A  OMS considera como abuso infantil, “Todas as formas de maus tratos físicos e/ou emocionais, abuso sexual, negligencia ou tratamento negligente, exploração comercial ou de outro tipo que resulte em danos reais ou potenciais à saúde, sobrevivência, desenvolvimento ou dignidade da criança, no contexto de uma relação de responsabilidade, confiança ou  poder.” As fracturas por maus tratos, estão contempladas no capítulo dos danos à saúde da criança e do adolescente.

Fracturas em crianças com menos de um ano são altamente suspeitas de negligência ou maus tratos. Estima-se que 55/100000 menores de um ano, sofrem fracturas de origem duvidosa todos os anos. Comparativamente com outros distúrbios, a incidência de fracturas pode não ser muito elevada, o que não significa que seja  menos preocupante. As estatísticas  sempre pecam por defeito, nem todos os casos são notificados ou identificados.  Embora as fracturas poucas vezes ameaçam directamente a vida da criança,  não poucas vezes deixam sequelas  permanentes importantes. 

A legislação actual sobre este tipo de  abusos, nasceu a partir dos trabalhos de dois médicos:  Ambroise Tardieu, médico patologista francês, e John Caffey, um médico radiologista pediátrico dos Estados Unidos da Norteamérica. Foram eles, os que na sua época,  alertaram sobre a existência de lesões  em crianças que dificilmente teriam uma origem “accidental”. Em 1860 o Dr. Ambroise Tardieu alertou aos médicos para estarem atentos a achados clínicos/radiográficos  suspeitos. “ Acontece que esses casos  multiplicam-se e provocam indignação, pelo que não deveriam pegar desprevenido ao médico, muitas vezes o único capaz de denunciar o crime às autoridades judiciárias”

John Caffey, nasceu em Utah em 1985, foi um dos fundadores da Sociedade de Radiologia Pediátrica de Norteamérica em 1958.  Até agora existe o “Prêmio John Caffrey”, outorgado anualmente ao melhor trabalho científico. Seus valiosos estudos sobre a  hiperostose cortical infantil, um distúrbio que afecta o esqueleto imaturo, justificam  que a mesma tenha o seu nome, “Doença de Caffey”. 

Em 1946, o Dr. Caffey, redactó um artigo titulado “ Fracturas múltiplas nos ossos longos de crianças com Hematoma Subdural”. Um texto clássico da medicina. Nesse artigo, o Dr. Caffey chamou a atenção sobre seis bebês saudáveis, todos com Hematoma Subdural e fracturas de ossos longos. O que levantou suspeita no Dr. Caffey foi que os hematomas e as fracturas tinham ocorrido em momentos diferentes, e não foi possível identificar  traumatismos que as justificassem. Também não se encontraram  evidências de algum distúrbio ósseo ou metabólico relacionado. O Dr. Caffey comentou: “ As causas das fracturas nos ossos desses pacientes não foram observadas ou foram negadas quando observadas. O motivo da negação nunca foi bem estabelecido”. Depois continuou: “A relação causal entre a força traumática e o osso danificado é clara. Resulta pouco provável que um traumatismo banal tenha causado as fracturas completas dos fêmures”.

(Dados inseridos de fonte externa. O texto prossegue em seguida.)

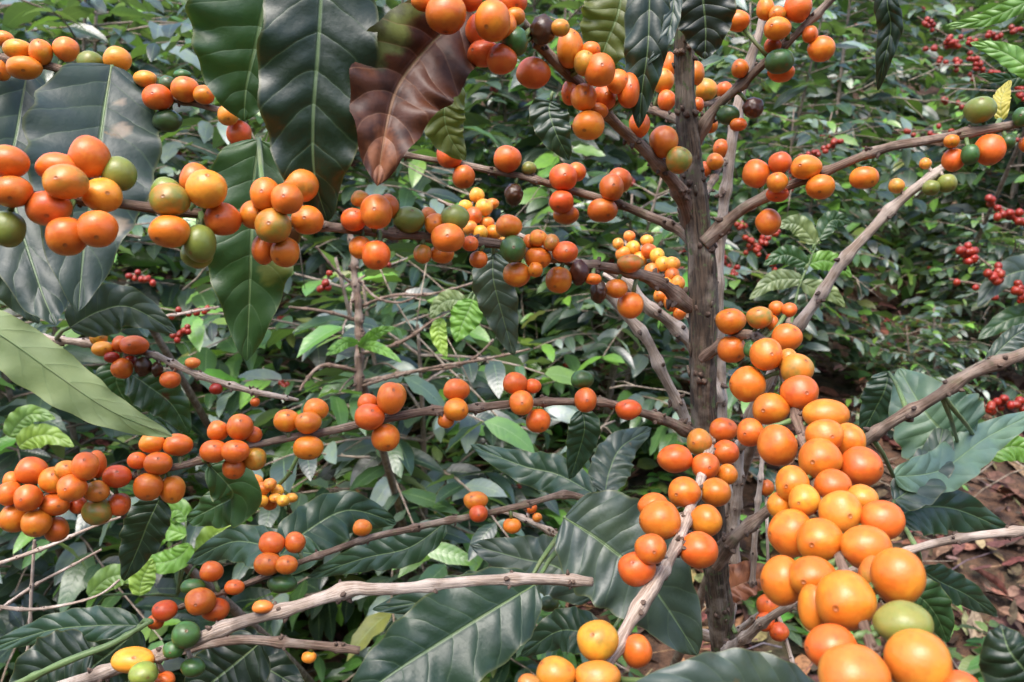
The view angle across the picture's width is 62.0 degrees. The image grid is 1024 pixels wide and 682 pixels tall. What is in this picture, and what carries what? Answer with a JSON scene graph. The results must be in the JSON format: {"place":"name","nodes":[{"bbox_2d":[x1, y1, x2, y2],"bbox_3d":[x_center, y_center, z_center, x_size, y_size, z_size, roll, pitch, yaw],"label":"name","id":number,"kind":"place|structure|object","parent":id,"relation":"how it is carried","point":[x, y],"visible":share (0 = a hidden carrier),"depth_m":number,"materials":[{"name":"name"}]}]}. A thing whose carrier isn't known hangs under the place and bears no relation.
{"place":"outdoors","nodes":[
{"label":"outdoors","id":0,"kind":"place"},
{"bbox_2d":[0,0,1023,681],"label":"ground","id":1,"kind":"structure","parent":0,"point":[986,498],"depth_m":2.78,"materials":[{"name":"soil"}]},
{"bbox_2d":[0,0,211,280],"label":"coffee bush","id":2,"kind":"object","parent":1,"relation":"on","point":[149,4],"visible":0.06,"depth_m":3.71,"materials":[{"name":"green plant"}]},
{"bbox_2d":[0,0,217,124],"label":"coffee bush","id":3,"kind":"object","parent":1,"relation":"on","point":[150,66],"visible":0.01,"depth_m":5.40,"materials":[{"name":"green plant"}]},
{"bbox_2d":[29,0,191,48],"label":"coffee bush","id":4,"kind":"object","parent":1,"relation":"on","point":[163,14],"visible":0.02,"depth_m":7.50,"materials":[{"name":"green plant"}]},
{"bbox_2d":[0,0,295,437],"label":"coffee bush","id":5,"kind":"object","parent":1,"relation":"on","point":[17,13],"visible":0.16,"depth_m":2.56,"materials":[{"name":"green plant"}]},
{"bbox_2d":[3,404,314,681],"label":"young coffee plant","id":6,"kind":"object","parent":1,"relation":"on","point":[23,429],"visible":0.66,"depth_m":0.97,"materials":[{"name":"green plant"}]},
{"bbox_2d":[123,1,201,78],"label":"coffee bush","id":7,"kind":"object","parent":1,"relation":"on","point":[179,6],"depth_m":6.92,"materials":[{"name":"green plant"}]},
{"bbox_2d":[0,215,356,681],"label":"coffee bush","id":8,"kind":"object","parent":1,"relation":"on","point":[70,585],"visible":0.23,"depth_m":1.67,"materials":[{"name":"green plant"}]},
{"bbox_2d":[125,269,256,517],"bbox_3d":[-0.625,0.257,1.799,0.161,0.922,0.987,-3,14,-13],"label":"coffee bush","id":9,"kind":"object","parent":1,"relation":"on","point":[184,383],"visible":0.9,"depth_m":1.40,"materials":[{"name":"brown plant"}]},
{"bbox_2d":[134,0,265,174],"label":"coffee bush","id":10,"kind":"object","parent":1,"relation":"on","point":[181,13],"depth_m":5.01,"materials":[{"name":"green plant"}]},
{"bbox_2d":[125,0,464,285],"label":"coffee bush","id":11,"kind":"object","parent":1,"relation":"on","point":[346,181],"visible":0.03,"depth_m":3.78,"materials":[{"name":"green plant"}]},
{"bbox_2d":[0,30,594,681],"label":"coffee tree","id":12,"kind":"object","parent":1,"relation":"on","point":[110,102],"visible":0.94,"depth_m":0.47,"materials":[{"name":"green plant"}]},
{"bbox_2d":[104,0,542,534],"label":"coffee bush","id":13,"kind":"object","parent":1,"relation":"on","point":[209,354],"visible":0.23,"depth_m":2.42,"materials":[{"name":"green plant"}]},
{"bbox_2d":[156,247,644,681],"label":"coffee bush","id":14,"kind":"object","parent":1,"relation":"on","point":[420,481],"visible":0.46,"depth_m":1.74,"materials":[{"name":"green plant"}]},
{"bbox_2d":[289,234,530,577],"bbox_3d":[-0.241,0.290,1.582,0.293,1.090,1.056,-4,14,-15],"label":"coffee bush","id":15,"kind":"object","parent":1,"relation":"on","point":[466,314],"visible":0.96,"depth_m":1.19,"materials":[{"name":"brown plant"}]},
{"bbox_2d":[348,0,617,240],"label":"coffee bush","id":16,"kind":"object","parent":1,"relation":"on","point":[511,106],"visible":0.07,"depth_m":5.02,"materials":[{"name":"green plant"}]},
{"bbox_2d":[331,0,684,410],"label":"coffee bush","id":17,"kind":"object","parent":1,"relation":"on","point":[539,156],"visible":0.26,"depth_m":3.00,"materials":[{"name":"green plant"}]},
{"bbox_2d":[0,0,1023,681],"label":"coffee tree","id":18,"kind":"object","parent":1,"relation":"on","point":[328,90],"visible":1,"depth_m":0.42,"materials":[{"name":"orange plant"}]},
{"bbox_2d":[0,114,1023,681],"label":"ground cover","id":19,"kind":"object","parent":1,"relation":"on","point":[970,664],"visible":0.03,"depth_m":2.47,"materials":[{"name":"green plant"}]},
{"bbox_2d":[1,45,1023,669],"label":"dry twigs","id":20,"kind":"object","parent":1,"relation":"on","point":[605,323],"visible":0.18,"depth_m":1.99,"materials":[{"name":"brown wood"}]},
{"bbox_2d":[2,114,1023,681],"bbox_3d":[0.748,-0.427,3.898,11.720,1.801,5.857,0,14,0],"label":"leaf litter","id":21,"kind":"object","parent":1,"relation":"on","point":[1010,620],"visible":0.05,"depth_m":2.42,"materials":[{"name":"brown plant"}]},
{"bbox_2d":[473,0,625,139],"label":"coffee bush","id":22,"kind":"object","parent":1,"relation":"on","point":[546,6],"visible":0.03,"depth_m":6.28,"materials":[{"name":"green plant"}]},
{"bbox_2d":[447,168,797,547],"bbox_3d":[0.341,0.018,2.618,1.117,1.073,1.090,-1,14,-3],"label":"coffee bush","id":23,"kind":"object","parent":1,"relation":"on","point":[661,436],"visible":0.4,"depth_m":2.44,"materials":[{"name":"green plant"}]},
{"bbox_2d":[501,0,784,253],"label":"coffee bush","id":24,"kind":"object","parent":1,"relation":"on","point":[656,122],"visible":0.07,"depth_m":4.10,"materials":[{"name":"green plant"}]},
{"bbox_2d":[437,19,957,624],"bbox_3d":[0.095,0.242,0.677,0.381,0.997,0.105,9,17,33],"label":"coffee shrub","id":25,"kind":"object","parent":1,"relation":"on","point":[933,181],"visible":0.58,"depth_m":0.60,"materials":[{"name":"brown plant"}]},
{"bbox_2d":[577,21,823,209],"bbox_3d":[1.068,-1.627,5.391,1.675,1.609,1.635,-7,16,-27],"label":"coffee bush","id":26,"kind":"object","parent":1,"relation":"on","point":[620,116],"visible":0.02,"depth_m":5.21,"materials":[{"name":"green plant"}]},
{"bbox_2d":[675,0,829,141],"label":"coffee bush","id":27,"kind":"object","parent":1,"relation":"on","point":[760,89],"visible":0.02,"depth_m":6.76,"materials":[{"name":"green plant"}]},
{"bbox_2d":[670,210,851,664],"bbox_3d":[0.305,0.363,1.410,0.108,1.220,0.812,0,14,0],"label":"coffee shoot","id":28,"kind":"object","parent":1,"relation":"on","point":[802,228],"visible":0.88,"depth_m":0.90,"materials":[{"name":"green plant"}]},
{"bbox_2d":[634,0,931,371],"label":"coffee bush","id":29,"kind":"object","parent":1,"relation":"on","point":[837,28],"visible":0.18,"depth_m":3.22,"materials":[{"name":"green plant"}]},
{"bbox_2d":[725,138,843,382],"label":"coffee bush","id":30,"kind":"object","parent":1,"relation":"on","point":[756,247],"visible":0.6,"depth_m":2.28,"materials":[{"name":"plant"}]},
{"bbox_2d":[660,108,910,392],"bbox_3d":[0.961,-0.289,3.053,0.842,1.075,0.851,-7,16,-25],"label":"coffee bush","id":31,"kind":"object","parent":1,"relation":"on","point":[819,343],"visible":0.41,"depth_m":2.94,"materials":[{"name":"green plant"}]},
{"bbox_2d":[727,0,865,73],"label":"coffee bush","id":32,"kind":"object","parent":1,"relation":"on","point":[799,56],"depth_m":8.66,"materials":[{"name":"green plant"}]},
{"bbox_2d":[716,0,964,262],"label":"coffee bush","id":33,"kind":"object","parent":1,"relation":"on","point":[864,74],"visible":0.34,"depth_m":4.38,"materials":[{"name":"green plant"}]},
{"bbox_2d":[752,0,997,210],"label":"coffee bush","id":34,"kind":"object","parent":1,"relation":"on","point":[947,8],"visible":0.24,"depth_m":5.56,"materials":[{"name":"green plant"}]},
{"bbox_2d":[796,0,1005,126],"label":"coffee bush","id":35,"kind":"object","parent":1,"relation":"on","point":[944,19],"visible":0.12,"depth_m":6.78,"materials":[{"name":"green plant"}]},
{"bbox_2d":[854,0,998,49],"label":"coffee bush","id":36,"kind":"object","parent":1,"relation":"on","point":[965,9],"visible":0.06,"depth_m":8.76,"materials":[{"name":"green plant"}]},
{"bbox_2d":[837,0,1023,312],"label":"coffee bush","id":37,"kind":"object","parent":1,"relation":"on","point":[973,177],"visible":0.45,"depth_m":3.66,"materials":[{"name":"green plant"}]},
{"bbox_2d":[846,301,1018,490],"bbox_3d":[1.394,0.157,2.882,0.545,0.536,0.558,-9,17,-32],"label":"coffee bush","id":38,"kind":"object","parent":1,"relation":"on","point":[938,355],"visible":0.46,"depth_m":2.86,"materials":[{"name":"green plant"}]},
{"bbox_2d":[877,208,1023,411],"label":"coffee bush","id":39,"kind":"object","parent":1,"relation":"on","point":[992,254],"visible":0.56,"depth_m":3.13,"materials":[{"name":"green plant"}]},
{"bbox_2d":[894,16,1023,344],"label":"coffee bush","id":40,"kind":"object","parent":1,"relation":"on","point":[950,42],"visible":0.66,"depth_m":2.59,"materials":[{"name":"plant"}]},
{"bbox_2d":[895,0,1023,311],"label":"coffee bush","id":41,"kind":"object","parent":1,"relation":"on","point":[950,199],"visible":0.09,"depth_m":4.30,"materials":[{"name":"green plant"}]},
{"bbox_2d":[901,0,1023,113],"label":"coffee bush","id":42,"kind":"object","parent":1,"relation":"on","point":[954,52],"visible":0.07,"depth_m":7.58,"materials":[{"name":"green plant"}]},
{"bbox_2d":[949,194,1023,415],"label":"coffee bush","id":43,"kind":"object","parent":1,"relation":"on","point":[1004,275],"visible":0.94,"depth_m":1.50,"materials":[{"name":"green plant"}]},
{"bbox_2d":[985,32,1022,184],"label":"coffee bush","id":44,"kind":"object","parent":1,"relation":"on","point":[1005,37],"visible":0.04,"depth_m":5.54,"materials":[{"name":"green plant"}]}
]}

Finalmente, após mais de duas décadas, foi sugerida a provável causa por detrás dessas fracturas. Em 1962, Kempe et al, definem o termo  “Síndrome da Criança Espancada” que, de algum modo, vincula-se com a origem de várias dessas lesões. Este conceito fundamentou  outros estudos e como resultado se elaboram  leis contra o abuso infantil. Deve-se ter em conta que existem distúrbios,  que alteram a estructura do osso, tornando-o suscetível às fracturas. A connotaçao negativa e acusatoria do termo “Lesões por Abuso Infantil” (LAI), em eventos onde as fracturas podem ser resultar de alguma doença pré-existente, recomenda ser cuidadosos. Assim, sempre deve-se denominar estas lesões como “ Não Accidentais “ ou  como “Fracturas Não Accidentais” (FNA),  até encontrar a real causa. Desse jeito evita-se qualquer responsabilização inocente. Somente chama-se a atenção para  uma lesão com  indícios de  não ser accidental.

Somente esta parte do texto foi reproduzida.